** Task prompt **
Return the records exactly, please. Every line should match.

** Data records **
>>>

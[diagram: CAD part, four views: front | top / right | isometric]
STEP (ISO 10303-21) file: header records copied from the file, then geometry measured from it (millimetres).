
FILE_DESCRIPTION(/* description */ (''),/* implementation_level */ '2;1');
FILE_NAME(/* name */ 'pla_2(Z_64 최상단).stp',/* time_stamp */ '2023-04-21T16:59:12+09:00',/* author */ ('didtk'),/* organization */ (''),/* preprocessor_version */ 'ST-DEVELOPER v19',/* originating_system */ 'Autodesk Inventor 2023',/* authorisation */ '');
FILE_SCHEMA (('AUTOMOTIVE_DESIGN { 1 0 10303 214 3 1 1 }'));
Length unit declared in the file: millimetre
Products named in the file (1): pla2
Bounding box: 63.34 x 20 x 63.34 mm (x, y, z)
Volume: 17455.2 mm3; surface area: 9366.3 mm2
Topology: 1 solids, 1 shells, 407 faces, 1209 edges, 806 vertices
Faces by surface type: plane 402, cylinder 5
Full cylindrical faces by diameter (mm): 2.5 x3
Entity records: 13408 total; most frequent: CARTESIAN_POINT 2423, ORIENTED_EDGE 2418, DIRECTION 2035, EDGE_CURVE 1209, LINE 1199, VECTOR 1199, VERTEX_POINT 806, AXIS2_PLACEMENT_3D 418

<<<

** Exercise response **
[diagram: CAD part, four views: front | top / right | isometric]
STEP (ISO 10303-21) file: header records copied from the file, then geometry measured from it (millimetres).
FILE_DESCRIPTION(/* description */ (''),/* implementation_level */ '2;1');
FILE_NAME(/* name */ 'pla_2(Z_64 최상단).stp',/* time_stamp */ '2023-04-21T16:59:12+09:00',/* author */ ('didtk'),/* organization */ (''),/* preprocessor_version */ 'ST-DEVELOPER v19',/* originating_system */ 'Autodesk Inventor 2023',/* authorisation */ '');
FILE_SCHEMA (('AUTOMOTIVE_DESIGN { 1 0 10303 214 3 1 1 }'));
Length unit declared in the file: millimetre
Products named in the file (1): pla2
Bounding box: 63.34 x 20 x 63.34 mm (x, y, z)
Volume: 17455.2 mm3; surface area: 9366.3 mm2
Topology: 1 solids, 1 shells, 407 faces, 1209 edges, 806 vertices
Faces by surface type: plane 402, cylinder 5
Full cylindrical faces by diameter (mm): 2.5 x3
Entity records: 13408 total; most frequent: CARTESIAN_POINT 2423, ORIENTED_EDGE 2418, DIRECTION 2035, EDGE_CURVE 1209, LINE 1199, VECTOR 1199, VERTEX_POINT 806, AXIS2_PLACEMENT_3D 418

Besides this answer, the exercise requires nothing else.